YOUR ASSIGNMENT »
Repeat the following entries verbatim, apart from the pictures.

─── RECORDS TO PROCESS

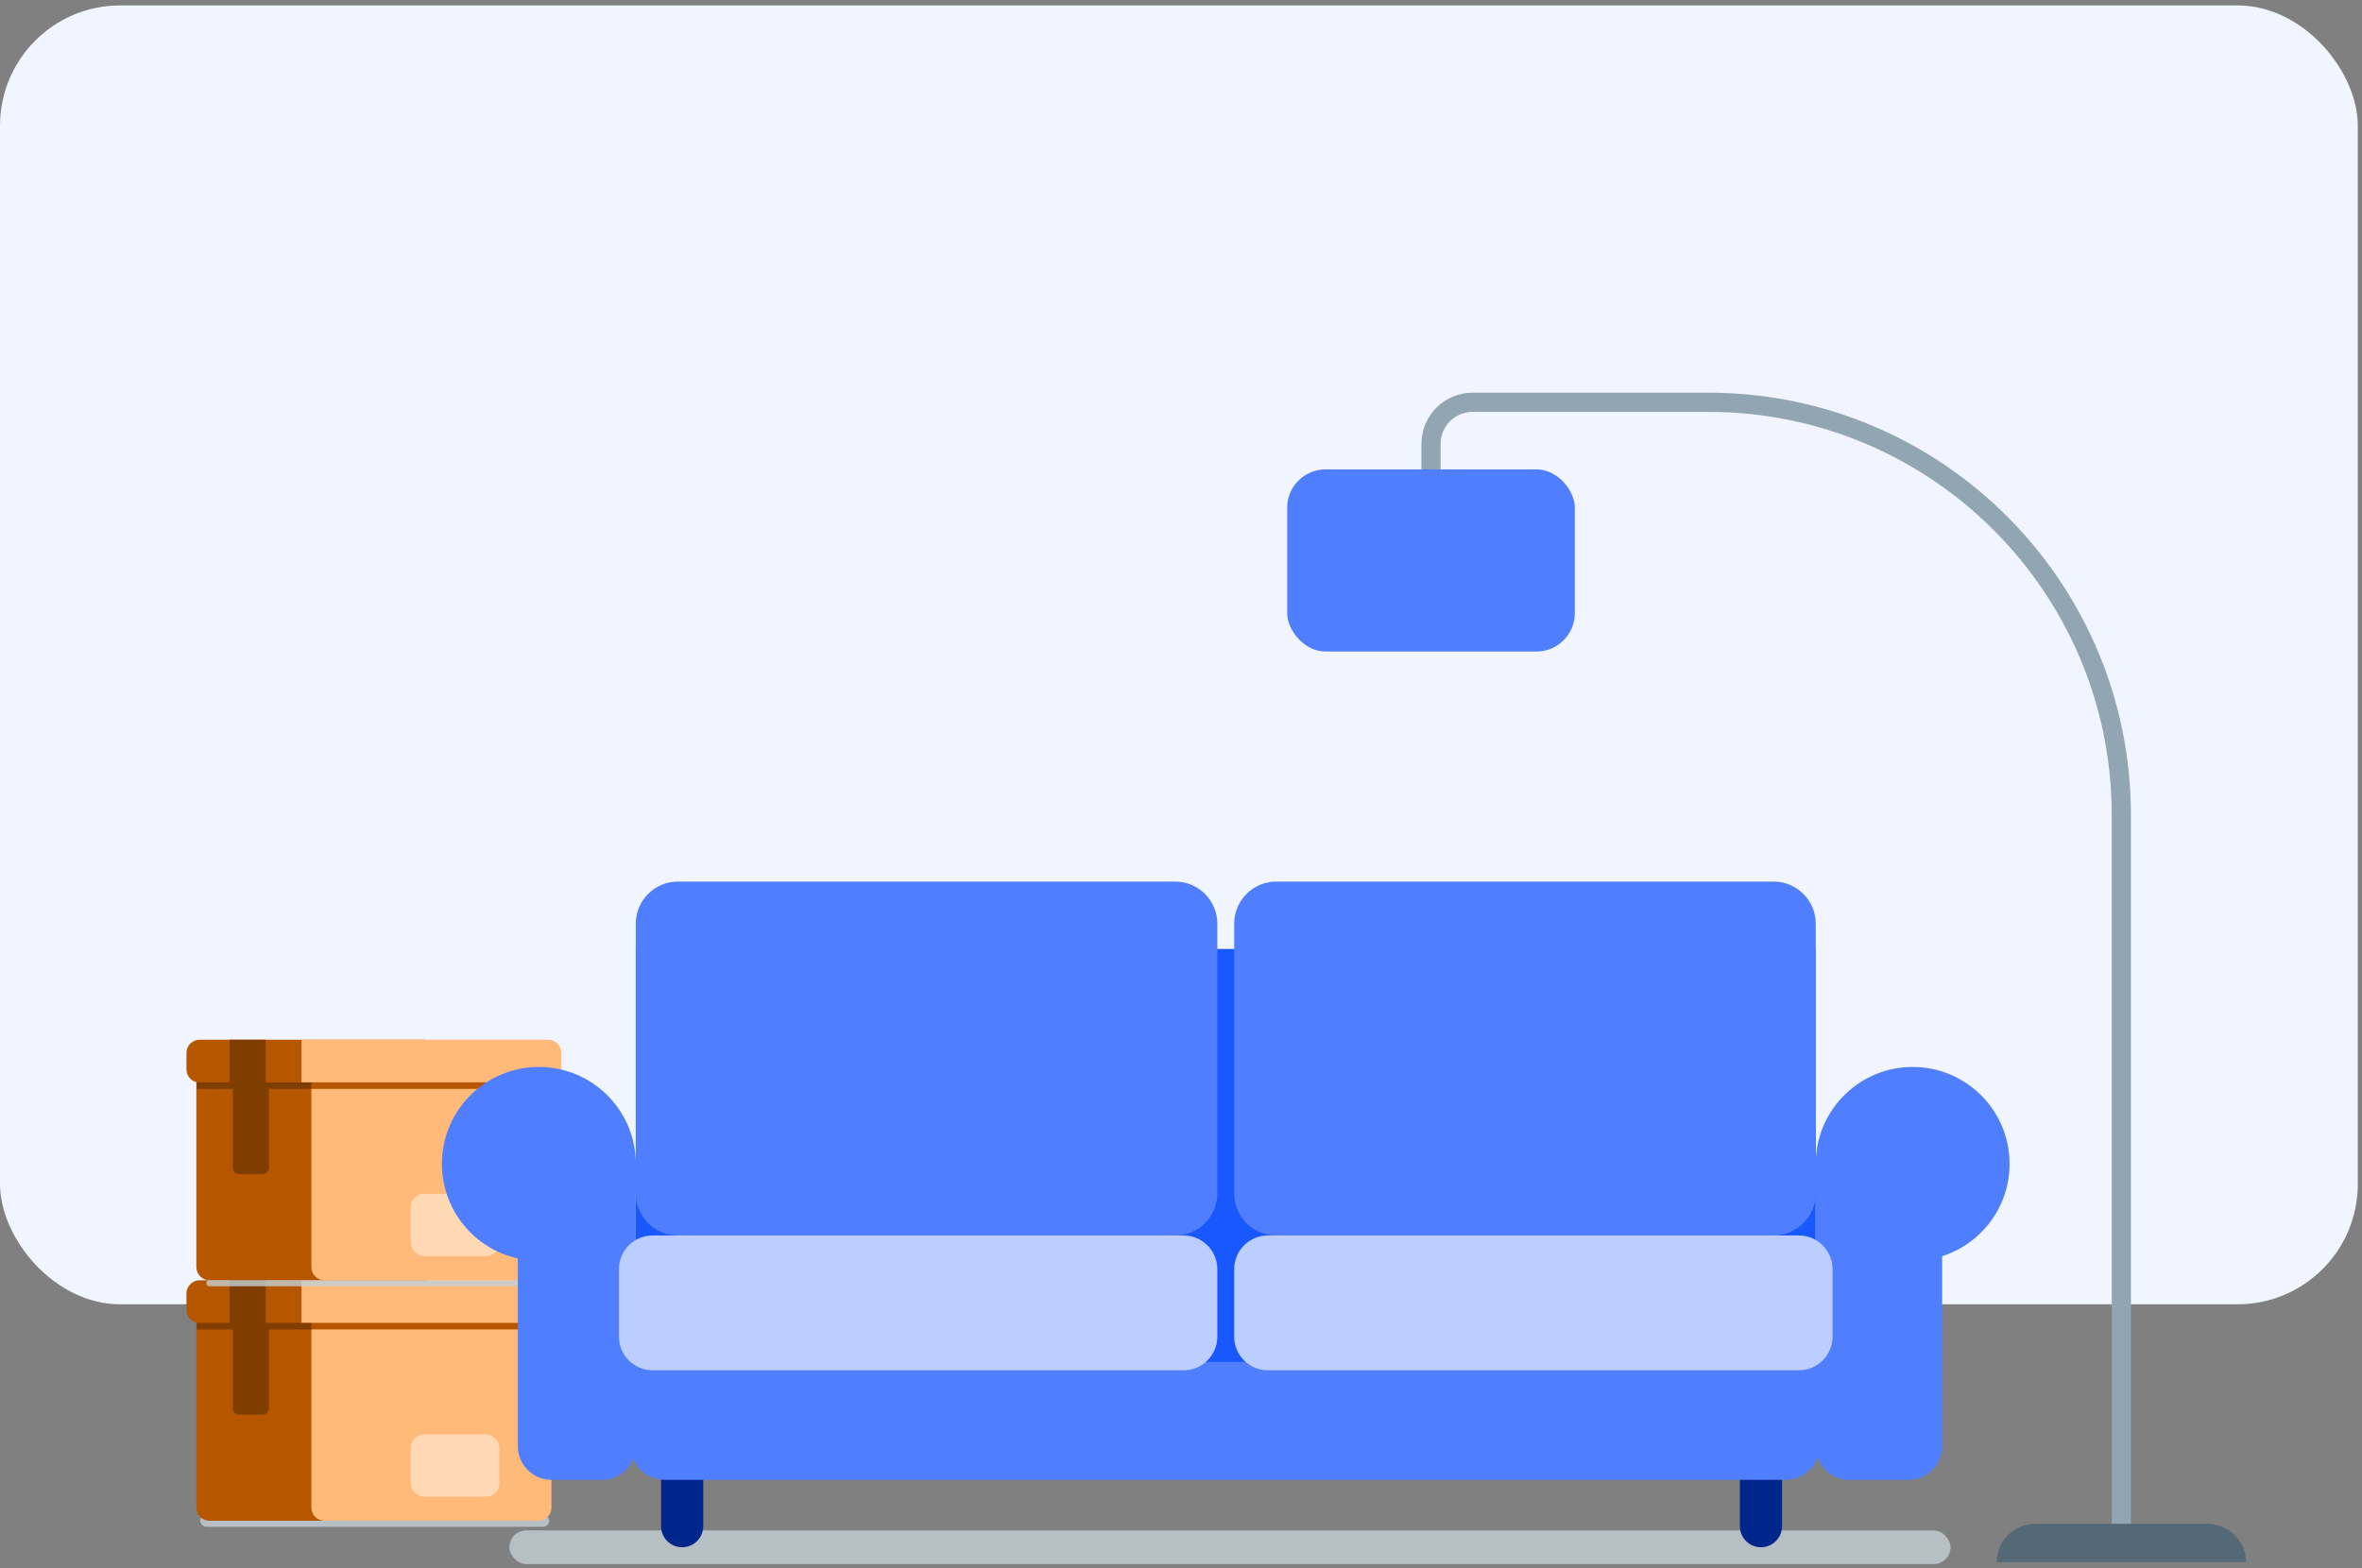 <svg width="393" height="261" viewBox="0 0 393 261" fill="none" xmlns="http://www.w3.org/2000/svg">
<rect x="0" y="0" width="393" height="261" fill="#808080" stroke="none"/>
<rect y="0.899" width="392.305" height="216.168" rx="20.016" fill="#F1F5FF"/>
<g style="mix-blend-mode:multiply" opacity="0.8">
<rect x="33.321" y="252.094" width="58.045" height="2.002" rx="1.001" fill="#C3CED5"/>
</g>
<path d="M33.215 213.064C32.005 213.064 31.024 214.046 31.024 215.257V217.999C31.024 219.021 31.723 219.88 32.668 220.124V250.902C32.668 252.113 33.649 253.095 34.859 253.095H70.465C71.675 253.095 72.656 252.113 72.656 250.902V215.257C72.656 214.046 71.675 213.064 70.465 213.064H33.215Z" fill="#B65700"/>
<path d="M50.164 213.064V220.193H51.806V250.902C51.806 252.113 52.786 253.095 53.995 253.095H89.567C90.776 253.095 91.756 252.113 91.756 250.902V220.124C92.701 219.88 93.398 219.021 93.398 217.999V215.257C93.398 214.046 92.418 213.064 91.209 213.064H50.164Z" fill="#FFB978"/>
<rect x="51.84" y="220.158" width="39.84" height="1.092" fill="#B65700"/>
<rect x="68.339" y="238.714" width="14.736" height="10.369" rx="2.183" fill="#FFD8B4"/>
<path d="M38.196 213.064H44.2V220.159H51.84V221.25H44.745V234.348C44.745 234.951 44.257 235.44 43.654 235.44H39.834C39.231 235.44 38.742 234.951 38.742 234.348V221.25H32.739V220.159H38.196V213.064Z" fill="#803D00"/>
<path d="M33.215 173.033C32.005 173.033 31.024 174.015 31.024 175.226V177.968C31.024 178.99 31.723 179.849 32.668 180.093V210.871C32.668 212.082 33.649 213.064 34.859 213.064H70.465C71.675 213.064 72.656 212.082 72.656 210.871V175.226C72.656 174.015 71.675 173.033 70.465 173.033H33.215Z" fill="#B65700"/>
<path d="M50.164 173.033V180.162H51.806V210.871C51.806 212.082 52.786 213.064 53.995 213.064H89.567C90.776 213.064 91.756 212.082 91.756 210.871V180.093C92.701 179.849 93.398 178.99 93.398 177.968V175.226C93.398 174.015 92.418 173.033 91.209 173.033H50.164Z" fill="#FFB978"/>
<rect x="51.84" y="180.127" width="39.84" height="1.092" fill="#B65700"/>
<rect x="68.339" y="198.683" width="14.736" height="10.369" rx="2.183" fill="#FFD8B4"/>
<path d="M38.196 173.033H44.2V180.128H51.84V181.219H44.745V194.317C44.745 194.92 44.257 195.409 43.654 195.409H39.834C39.231 195.409 38.742 194.92 38.742 194.317V181.219H32.739V180.128H38.196V173.033Z" fill="#803D00"/>
<g style="mix-blend-mode:multiply" opacity="0.8">
<rect x="34.322" y="213.064" width="57.044" height="1.001" rx="0.5" fill="#C3CED5"/>
</g>
<rect x="82.055" y="197.89" width="14.736" height="10.369" rx="2.183" fill="#FFD8B4"/>
<path d="M352.957 254.815V135.666C352.957 97.715 322.192 66.95 284.24 66.95H245.024C241.198 66.95 238.096 70.051 238.096 73.877V83.924" stroke="#91A5B3" stroke-width="3.191" stroke-linecap="round"/>
<path d="M373.696 259.98C373.696 256.456 370.839 253.599 367.314 253.599L338.599 253.599C335.075 253.599 332.218 256.456 332.218 259.98L373.696 259.98Z" fill="#546978"/>
<rect x="214.167" y="78.117" width="47.859" height="30.311" rx="6.381" fill="#4F7FFF"/>
<g style="mix-blend-mode:multiply" opacity="0.8">
<rect x="84.751" y="254.693" width="239.795" height="5.609" rx="2.805" fill="#C3CED5"/>
</g>
<path d="M105.786 157.933H302.109V233.658H105.786V157.933Z" fill="#1957FF"/>
<path d="M109.992 244.176C109.992 242.24 111.562 240.67 113.498 240.67C115.434 240.67 117.004 242.24 117.004 244.176V253.992C117.004 255.928 115.434 257.498 113.498 257.498C111.562 257.498 109.992 255.928 109.992 253.992V244.176Z" fill="#00268C"/>
<path d="M289.488 244.176C289.488 242.24 291.058 240.67 292.994 240.67C294.93 240.67 296.5 242.24 296.5 244.176V253.992C296.5 255.928 294.93 257.498 292.994 257.498C291.058 257.498 289.488 255.928 289.488 253.992V244.176Z" fill="#00268C"/>
<path fill-rule="evenodd" clip-rule="evenodd" d="M105.785 153.727C105.785 149.855 108.925 146.715 112.797 146.715H195.533C199.406 146.715 202.545 149.855 202.545 153.727V198.601C202.545 202.473 199.406 205.613 195.533 205.613H112.797C108.925 205.613 105.785 202.473 105.785 198.601V153.727ZM205.349 153.727C205.349 149.855 208.489 146.715 212.361 146.715H295.097C298.97 146.715 302.109 149.855 302.109 153.727V192.992H302.124C302.491 184.411 309.564 177.567 318.235 177.567C327.142 177.567 334.362 184.787 334.362 193.693C334.362 200.889 329.65 206.983 323.143 209.06V240.671C323.143 243.769 320.632 246.28 317.534 246.28H307.718C305.266 246.28 303.182 244.707 302.419 242.515C301.656 244.706 299.572 246.279 297.12 246.279H110.592C108.232 246.279 106.212 244.822 105.384 242.758C104.556 244.822 102.536 246.28 100.176 246.28H91.762C88.664 246.28 86.153 243.769 86.153 240.671V209.438C78.932 207.837 73.532 201.396 73.532 193.693C73.532 184.787 80.752 177.567 89.659 177.567C98.33 177.567 105.403 184.411 105.77 192.992H105.785V193.693V226.647H302.109V198.66C302.077 202.505 298.95 205.613 295.097 205.613H212.361C208.489 205.613 205.349 202.473 205.349 198.601V153.727Z" fill="#4F7FFF"/>
<path fill-rule="evenodd" clip-rule="evenodd" d="M210.959 205.612C207.861 205.612 205.35 208.124 205.35 211.222V222.44C205.35 225.538 207.861 228.049 210.959 228.049H299.304C302.402 228.049 304.914 225.538 304.914 222.44V211.222C304.914 208.124 302.402 205.612 299.304 205.612H210.959ZM108.59 205.612C105.492 205.612 102.98 208.124 102.98 211.222V222.44C102.98 225.538 105.492 228.049 108.59 228.049H196.935C200.033 228.049 202.545 225.538 202.545 222.44V211.222C202.545 208.124 200.033 205.612 196.935 205.612H108.59Z" fill="#BBCEFF"/>
</svg>

──────

ANSWER SPACE »
 <svg width="393" height="261" viewBox="0 0 393 261" fill="none" xmlns="http://www.w3.org/2000/svg">
<rect x="0" y="0" width="393" height="261" fill="#808080" stroke="none"/>
<rect y="0.899" width="392.305" height="216.168" rx="20.016" fill="#F1F5FF"/>
<g style="mix-blend-mode:multiply" opacity="0.8">
<rect x="33.321" y="252.094" width="58.045" height="2.002" rx="1.001" fill="#C3CED5"/>
</g>
<path d="M33.215 213.064C32.005 213.064 31.024 214.046 31.024 215.257V217.999C31.024 219.021 31.723 219.88 32.668 220.124V250.902C32.668 252.113 33.649 253.095 34.859 253.095H70.465C71.675 253.095 72.656 252.113 72.656 250.902V215.257C72.656 214.046 71.675 213.064 70.465 213.064H33.215Z" fill="#B65700"/>
<path d="M50.164 213.064V220.193H51.806V250.902C51.806 252.113 52.786 253.095 53.995 253.095H89.567C90.776 253.095 91.756 252.113 91.756 250.902V220.124C92.701 219.88 93.398 219.021 93.398 217.999V215.257C93.398 214.046 92.418 213.064 91.209 213.064H50.164Z" fill="#FFB978"/>
<rect x="51.84" y="220.158" width="39.84" height="1.092" fill="#B65700"/>
<rect x="68.339" y="238.714" width="14.736" height="10.369" rx="2.183" fill="#FFD8B4"/>
<path d="M38.196 213.064H44.2V220.159H51.84V221.25H44.745V234.348C44.745 234.951 44.257 235.44 43.654 235.44H39.834C39.231 235.44 38.742 234.951 38.742 234.348V221.25H32.739V220.159H38.196V213.064Z" fill="#803D00"/>
<path d="M33.215 173.033C32.005 173.033 31.024 174.015 31.024 175.226V177.968C31.024 178.99 31.723 179.849 32.668 180.093V210.871C32.668 212.082 33.649 213.064 34.859 213.064H70.465C71.675 213.064 72.656 212.082 72.656 210.871V175.226C72.656 174.015 71.675 173.033 70.465 173.033H33.215Z" fill="#B65700"/>
<path d="M50.164 173.033V180.162H51.806V210.871C51.806 212.082 52.786 213.064 53.995 213.064H89.567C90.776 213.064 91.756 212.082 91.756 210.871V180.093C92.701 179.849 93.398 178.99 93.398 177.968V175.226C93.398 174.015 92.418 173.033 91.209 173.033H50.164Z" fill="#FFB978"/>
<rect x="51.84" y="180.127" width="39.84" height="1.092" fill="#B65700"/>
<rect x="68.339" y="198.683" width="14.736" height="10.369" rx="2.183" fill="#FFD8B4"/>
<path d="M38.196 173.033H44.2V180.128H51.84V181.219H44.745V194.317C44.745 194.92 44.257 195.409 43.654 195.409H39.834C39.231 195.409 38.742 194.92 38.742 194.317V181.219H32.739V180.128H38.196V173.033Z" fill="#803D00"/>
<g style="mix-blend-mode:multiply" opacity="0.8">
<rect x="34.322" y="213.064" width="57.044" height="1.001" rx="0.5" fill="#C3CED5"/>
</g>
<rect x="82.055" y="197.89" width="14.736" height="10.369" rx="2.183" fill="#FFD8B4"/>
<path d="M352.957 254.815V135.666C352.957 97.715 322.192 66.95 284.24 66.95H245.024C241.198 66.95 238.096 70.051 238.096 73.877V83.924" stroke="#91A5B3" stroke-width="3.191" stroke-linecap="round"/>
<path d="M373.696 259.98C373.696 256.456 370.839 253.599 367.314 253.599L338.599 253.599C335.075 253.599 332.218 256.456 332.218 259.98L373.696 259.98Z" fill="#546978"/>
<rect x="214.167" y="78.117" width="47.859" height="30.311" rx="6.381" fill="#4F7FFF"/>
<g style="mix-blend-mode:multiply" opacity="0.8">
<rect x="84.751" y="254.693" width="239.795" height="5.609" rx="2.805" fill="#C3CED5"/>
</g>
<path d="M105.786 157.933H302.109V233.658H105.786V157.933Z" fill="#1957FF"/>
<path d="M109.992 244.176C109.992 242.24 111.562 240.67 113.498 240.67C115.434 240.67 117.004 242.24 117.004 244.176V253.992C117.004 255.928 115.434 257.498 113.498 257.498C111.562 257.498 109.992 255.928 109.992 253.992V244.176Z" fill="#00268C"/>
<path d="M289.488 244.176C289.488 242.24 291.058 240.67 292.994 240.67C294.93 240.67 296.5 242.24 296.5 244.176V253.992C296.5 255.928 294.93 257.498 292.994 257.498C291.058 257.498 289.488 255.928 289.488 253.992V244.176Z" fill="#00268C"/>
<path fill-rule="evenodd" clip-rule="evenodd" d="M105.785 153.727C105.785 149.855 108.925 146.715 112.797 146.715H195.533C199.406 146.715 202.545 149.855 202.545 153.727V198.601C202.545 202.473 199.406 205.613 195.533 205.613H112.797C108.925 205.613 105.785 202.473 105.785 198.601V153.727ZM205.349 153.727C205.349 149.855 208.489 146.715 212.361 146.715H295.097C298.97 146.715 302.109 149.855 302.109 153.727V192.992H302.124C302.491 184.411 309.564 177.567 318.235 177.567C327.142 177.567 334.362 184.787 334.362 193.693C334.362 200.889 329.65 206.983 323.143 209.06V240.671C323.143 243.769 320.632 246.28 317.534 246.28H307.718C305.266 246.28 303.182 244.707 302.419 242.515C301.656 244.706 299.572 246.279 297.12 246.279H110.592C108.232 246.279 106.212 244.822 105.384 242.758C104.556 244.822 102.536 246.28 100.176 246.28H91.762C88.664 246.28 86.153 243.769 86.153 240.671V209.438C78.932 207.837 73.532 201.396 73.532 193.693C73.532 184.787 80.752 177.567 89.659 177.567C98.33 177.567 105.403 184.411 105.77 192.992H105.785V193.693V226.647H302.109V198.66C302.077 202.505 298.95 205.613 295.097 205.613H212.361C208.489 205.613 205.349 202.473 205.349 198.601V153.727Z" fill="#4F7FFF"/>
<path fill-rule="evenodd" clip-rule="evenodd" d="M210.959 205.612C207.861 205.612 205.35 208.124 205.35 211.222V222.44C205.35 225.538 207.861 228.049 210.959 228.049H299.304C302.402 228.049 304.914 225.538 304.914 222.44V211.222C304.914 208.124 302.402 205.612 299.304 205.612H210.959ZM108.59 205.612C105.492 205.612 102.98 208.124 102.98 211.222V222.44C102.98 225.538 105.492 228.049 108.59 228.049H196.935C200.033 228.049 202.545 225.538 202.545 222.44V211.222C202.545 208.124 200.033 205.612 196.935 205.612H108.59Z" fill="#BBCEFF"/>
</svg>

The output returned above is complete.